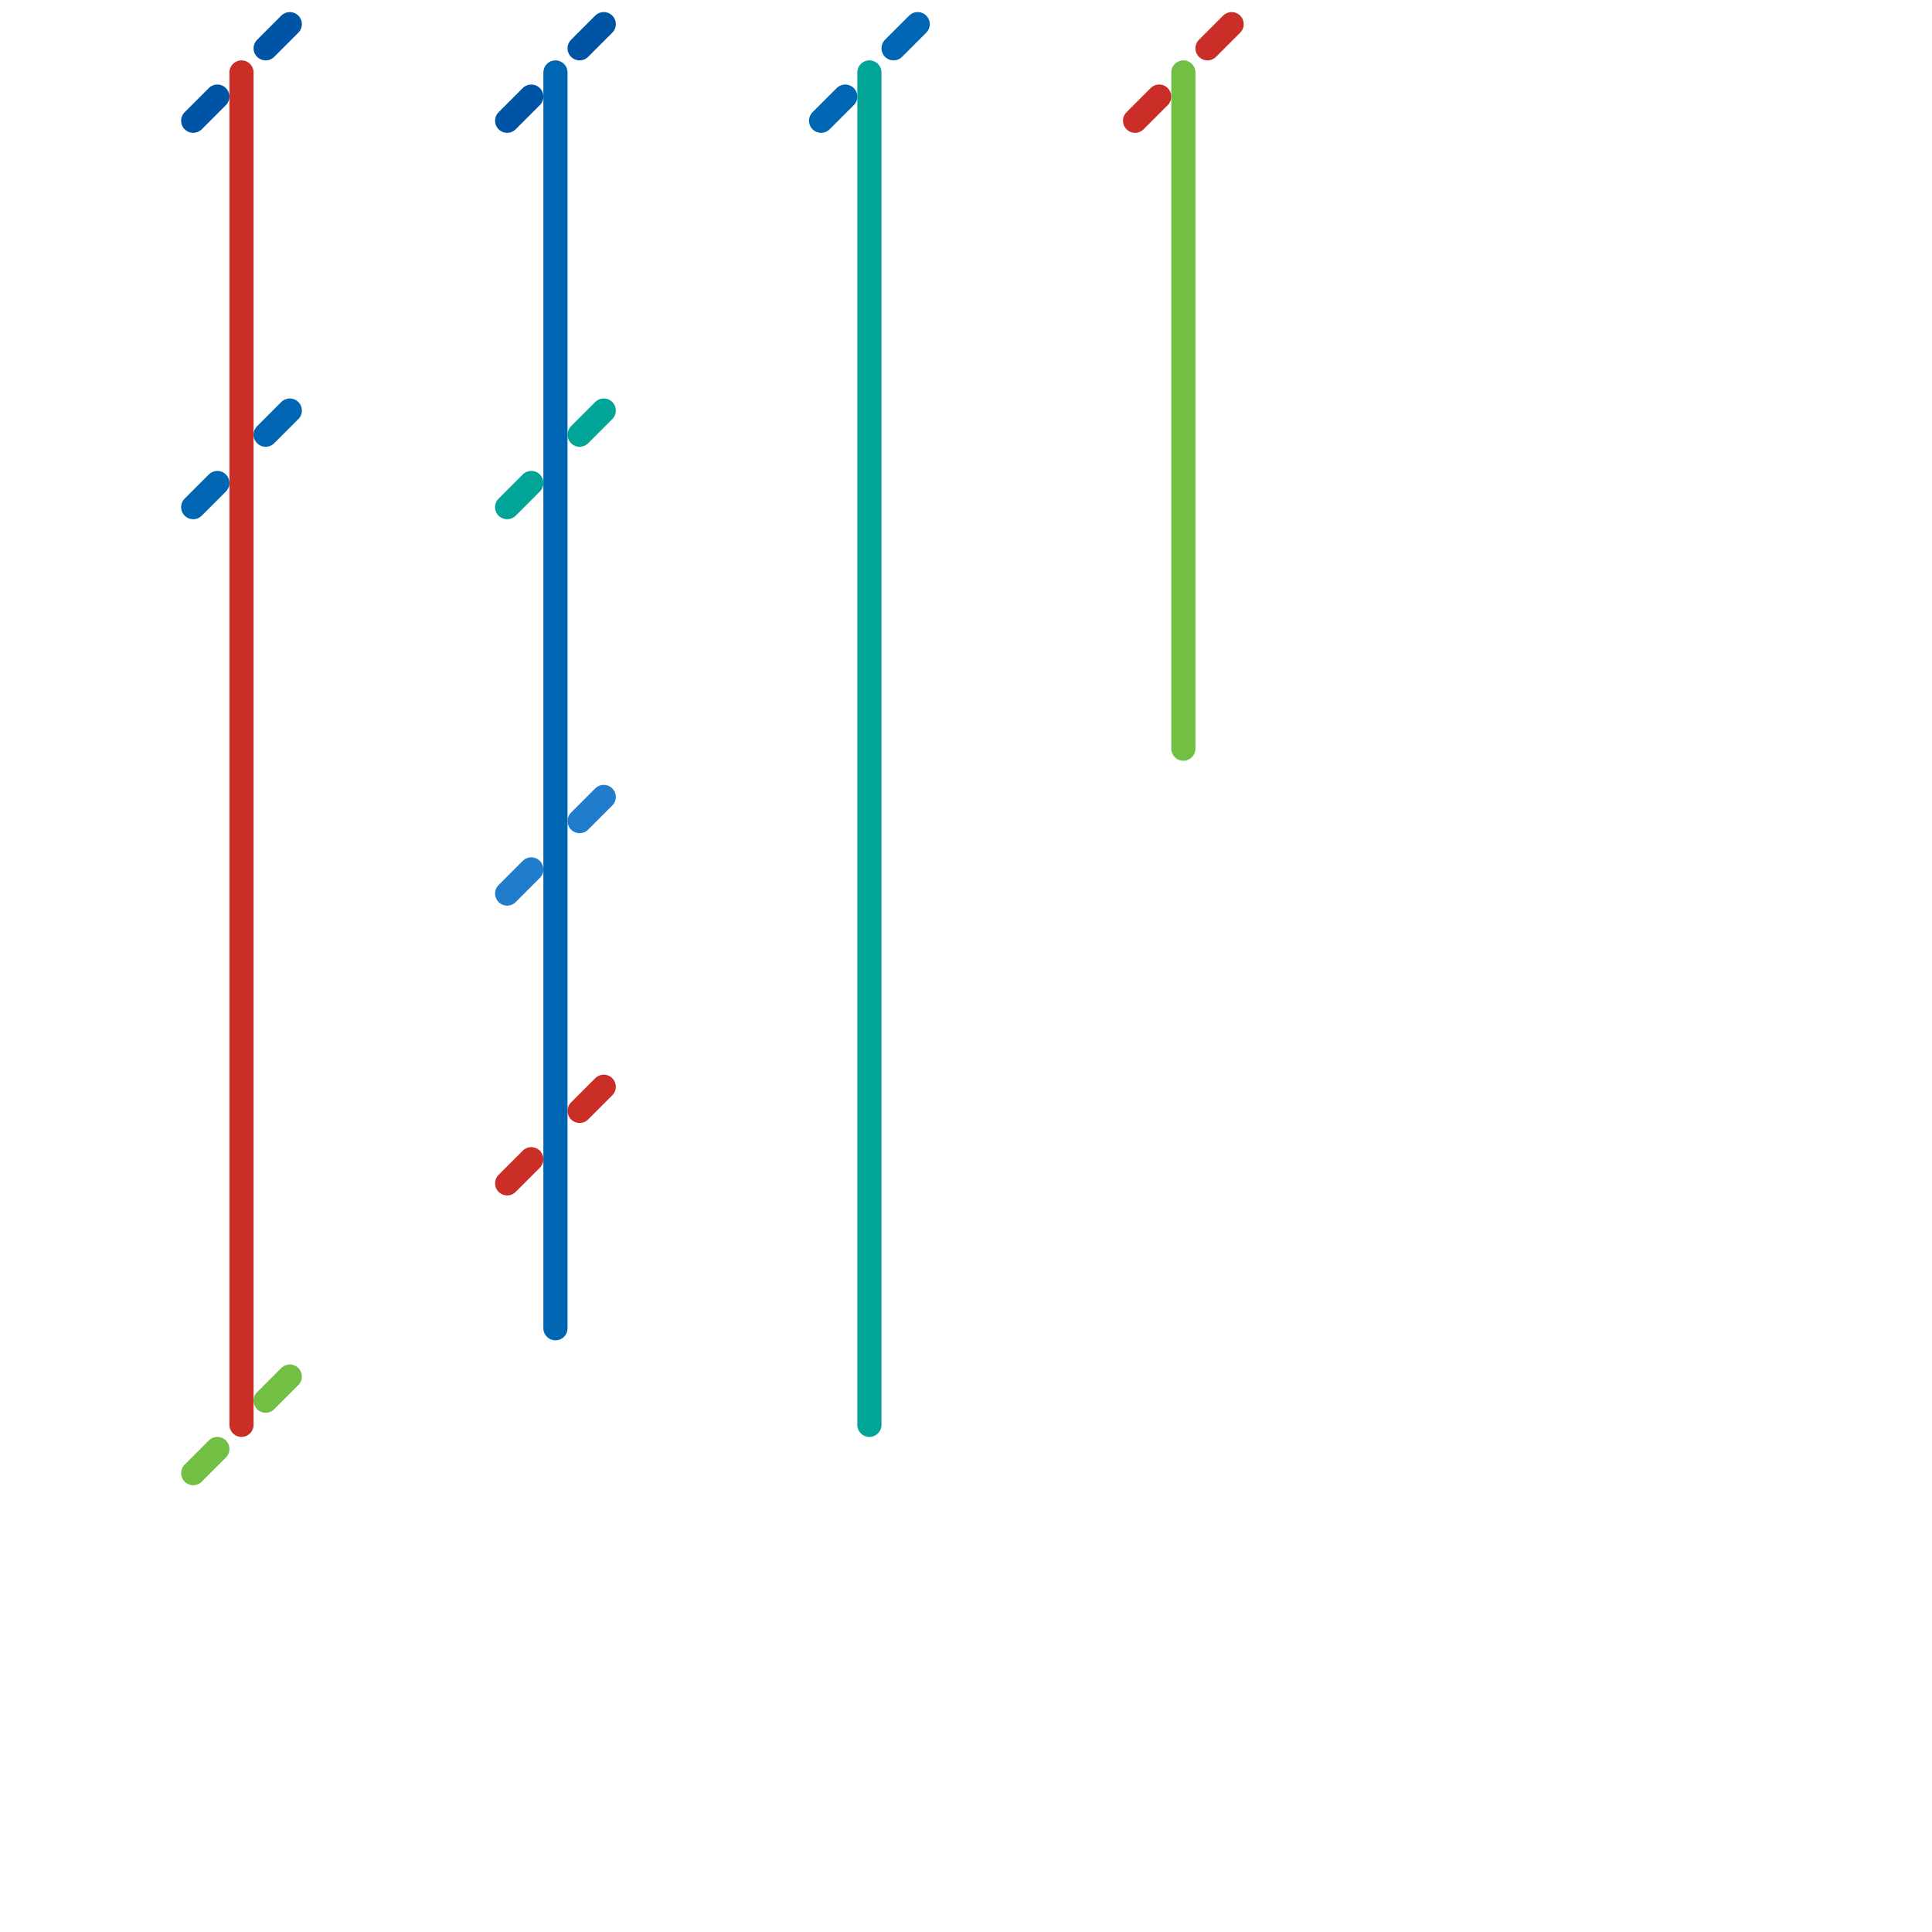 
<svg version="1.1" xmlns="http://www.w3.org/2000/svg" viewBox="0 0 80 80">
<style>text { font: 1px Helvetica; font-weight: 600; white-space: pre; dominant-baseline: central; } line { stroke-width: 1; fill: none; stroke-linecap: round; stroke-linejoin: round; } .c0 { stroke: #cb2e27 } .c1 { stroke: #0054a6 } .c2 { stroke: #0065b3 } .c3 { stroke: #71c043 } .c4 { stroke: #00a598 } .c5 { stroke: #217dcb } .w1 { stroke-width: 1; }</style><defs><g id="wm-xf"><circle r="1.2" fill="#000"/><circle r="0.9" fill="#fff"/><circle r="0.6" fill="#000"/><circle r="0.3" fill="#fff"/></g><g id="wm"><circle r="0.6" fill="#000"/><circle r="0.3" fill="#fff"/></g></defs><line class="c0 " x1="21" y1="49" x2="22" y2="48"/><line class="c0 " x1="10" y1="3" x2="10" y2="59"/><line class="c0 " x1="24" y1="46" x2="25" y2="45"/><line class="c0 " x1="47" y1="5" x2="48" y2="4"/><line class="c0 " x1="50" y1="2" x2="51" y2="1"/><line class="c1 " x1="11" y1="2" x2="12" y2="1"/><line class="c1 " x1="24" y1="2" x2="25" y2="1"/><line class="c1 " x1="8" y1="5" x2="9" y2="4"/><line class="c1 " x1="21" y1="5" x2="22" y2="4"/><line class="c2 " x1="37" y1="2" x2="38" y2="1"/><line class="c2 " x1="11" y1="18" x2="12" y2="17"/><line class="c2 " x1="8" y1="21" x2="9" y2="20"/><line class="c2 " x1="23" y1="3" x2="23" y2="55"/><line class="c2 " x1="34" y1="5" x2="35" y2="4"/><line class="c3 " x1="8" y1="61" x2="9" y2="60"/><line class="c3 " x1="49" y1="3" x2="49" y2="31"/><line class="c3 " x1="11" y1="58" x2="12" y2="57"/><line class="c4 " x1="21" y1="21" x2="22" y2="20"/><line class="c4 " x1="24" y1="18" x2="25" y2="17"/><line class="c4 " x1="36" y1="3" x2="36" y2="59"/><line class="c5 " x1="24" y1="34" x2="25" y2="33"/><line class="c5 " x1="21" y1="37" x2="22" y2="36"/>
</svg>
* * *
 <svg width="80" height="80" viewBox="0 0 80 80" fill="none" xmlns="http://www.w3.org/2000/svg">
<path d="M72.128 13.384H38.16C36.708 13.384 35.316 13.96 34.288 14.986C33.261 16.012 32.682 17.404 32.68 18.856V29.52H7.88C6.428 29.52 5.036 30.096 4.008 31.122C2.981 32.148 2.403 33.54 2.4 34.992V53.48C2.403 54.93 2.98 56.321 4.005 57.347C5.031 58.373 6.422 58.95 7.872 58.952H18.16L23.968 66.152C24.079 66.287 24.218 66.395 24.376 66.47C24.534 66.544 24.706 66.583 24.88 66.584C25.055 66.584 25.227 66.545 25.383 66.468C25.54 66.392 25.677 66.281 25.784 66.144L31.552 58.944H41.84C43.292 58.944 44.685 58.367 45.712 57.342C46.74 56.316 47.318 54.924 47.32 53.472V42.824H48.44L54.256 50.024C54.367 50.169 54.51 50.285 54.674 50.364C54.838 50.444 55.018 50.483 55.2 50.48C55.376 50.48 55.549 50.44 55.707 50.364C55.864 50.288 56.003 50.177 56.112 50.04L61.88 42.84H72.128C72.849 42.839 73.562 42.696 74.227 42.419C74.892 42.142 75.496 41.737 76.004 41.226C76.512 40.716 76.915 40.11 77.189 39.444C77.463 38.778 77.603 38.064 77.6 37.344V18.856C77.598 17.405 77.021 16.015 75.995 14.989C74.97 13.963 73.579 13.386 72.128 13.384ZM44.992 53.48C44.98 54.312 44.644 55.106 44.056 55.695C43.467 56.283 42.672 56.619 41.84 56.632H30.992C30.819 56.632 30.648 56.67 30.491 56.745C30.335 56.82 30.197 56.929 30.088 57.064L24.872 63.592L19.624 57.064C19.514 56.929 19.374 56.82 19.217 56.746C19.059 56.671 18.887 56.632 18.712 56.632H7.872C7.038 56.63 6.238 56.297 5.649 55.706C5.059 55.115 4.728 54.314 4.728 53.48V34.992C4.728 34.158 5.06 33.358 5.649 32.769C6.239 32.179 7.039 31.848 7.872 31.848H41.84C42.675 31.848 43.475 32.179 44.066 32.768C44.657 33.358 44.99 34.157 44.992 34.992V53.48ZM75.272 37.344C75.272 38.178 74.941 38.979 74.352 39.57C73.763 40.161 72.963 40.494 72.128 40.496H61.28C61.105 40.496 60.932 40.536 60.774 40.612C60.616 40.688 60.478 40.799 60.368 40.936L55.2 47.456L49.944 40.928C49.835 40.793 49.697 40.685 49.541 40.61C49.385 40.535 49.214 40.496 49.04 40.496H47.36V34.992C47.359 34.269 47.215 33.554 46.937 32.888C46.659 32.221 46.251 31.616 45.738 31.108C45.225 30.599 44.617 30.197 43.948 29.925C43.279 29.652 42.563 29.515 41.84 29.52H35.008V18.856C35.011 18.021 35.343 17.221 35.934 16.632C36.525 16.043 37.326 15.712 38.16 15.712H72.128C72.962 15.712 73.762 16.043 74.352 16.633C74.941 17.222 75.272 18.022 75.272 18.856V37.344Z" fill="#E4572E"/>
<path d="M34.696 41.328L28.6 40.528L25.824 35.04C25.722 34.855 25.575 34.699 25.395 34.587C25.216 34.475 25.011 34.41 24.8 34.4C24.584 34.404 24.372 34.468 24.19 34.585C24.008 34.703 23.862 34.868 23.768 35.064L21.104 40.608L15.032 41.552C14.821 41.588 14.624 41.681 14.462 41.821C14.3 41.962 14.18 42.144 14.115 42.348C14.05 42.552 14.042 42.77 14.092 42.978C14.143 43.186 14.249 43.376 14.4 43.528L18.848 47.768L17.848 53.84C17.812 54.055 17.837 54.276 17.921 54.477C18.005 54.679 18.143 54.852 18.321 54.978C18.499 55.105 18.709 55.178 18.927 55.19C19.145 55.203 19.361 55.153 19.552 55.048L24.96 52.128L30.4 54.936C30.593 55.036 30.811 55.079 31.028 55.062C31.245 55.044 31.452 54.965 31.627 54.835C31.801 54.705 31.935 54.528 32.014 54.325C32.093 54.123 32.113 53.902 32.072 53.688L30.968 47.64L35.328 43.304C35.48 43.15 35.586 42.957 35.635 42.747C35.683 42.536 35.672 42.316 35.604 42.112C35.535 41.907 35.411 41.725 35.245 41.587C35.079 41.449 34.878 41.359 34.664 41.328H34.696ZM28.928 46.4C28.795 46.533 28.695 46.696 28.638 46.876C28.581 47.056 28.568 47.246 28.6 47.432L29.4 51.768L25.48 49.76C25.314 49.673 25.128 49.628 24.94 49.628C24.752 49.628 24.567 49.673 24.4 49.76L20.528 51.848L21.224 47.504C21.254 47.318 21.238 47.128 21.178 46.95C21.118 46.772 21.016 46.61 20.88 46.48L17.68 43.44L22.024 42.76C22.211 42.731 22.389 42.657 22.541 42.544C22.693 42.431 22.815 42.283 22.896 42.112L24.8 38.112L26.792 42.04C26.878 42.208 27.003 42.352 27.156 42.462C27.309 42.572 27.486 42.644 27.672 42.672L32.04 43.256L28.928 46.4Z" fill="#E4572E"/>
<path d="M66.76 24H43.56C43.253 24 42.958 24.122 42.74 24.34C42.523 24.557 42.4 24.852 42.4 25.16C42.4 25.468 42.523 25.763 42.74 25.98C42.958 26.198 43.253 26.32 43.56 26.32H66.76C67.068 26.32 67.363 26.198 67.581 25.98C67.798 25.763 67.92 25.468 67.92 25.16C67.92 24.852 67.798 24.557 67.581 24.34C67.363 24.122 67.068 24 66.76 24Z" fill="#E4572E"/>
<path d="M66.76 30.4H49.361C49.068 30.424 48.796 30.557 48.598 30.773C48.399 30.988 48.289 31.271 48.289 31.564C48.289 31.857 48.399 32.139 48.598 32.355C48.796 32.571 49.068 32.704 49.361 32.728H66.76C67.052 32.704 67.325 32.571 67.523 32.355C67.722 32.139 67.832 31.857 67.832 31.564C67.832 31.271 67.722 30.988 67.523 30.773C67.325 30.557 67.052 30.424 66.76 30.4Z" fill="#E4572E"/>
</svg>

→ Required action
Find the string "http" in the entries above. Copy each line where it occurs.

→ Result for this exercise
<svg version="1.1" xmlns="http://www.w3.org/2000/svg" viewBox="0 0 80 80">
 <svg width="80" height="80" viewBox="0 0 80 80" fill="none" xmlns="http://www.w3.org/2000/svg">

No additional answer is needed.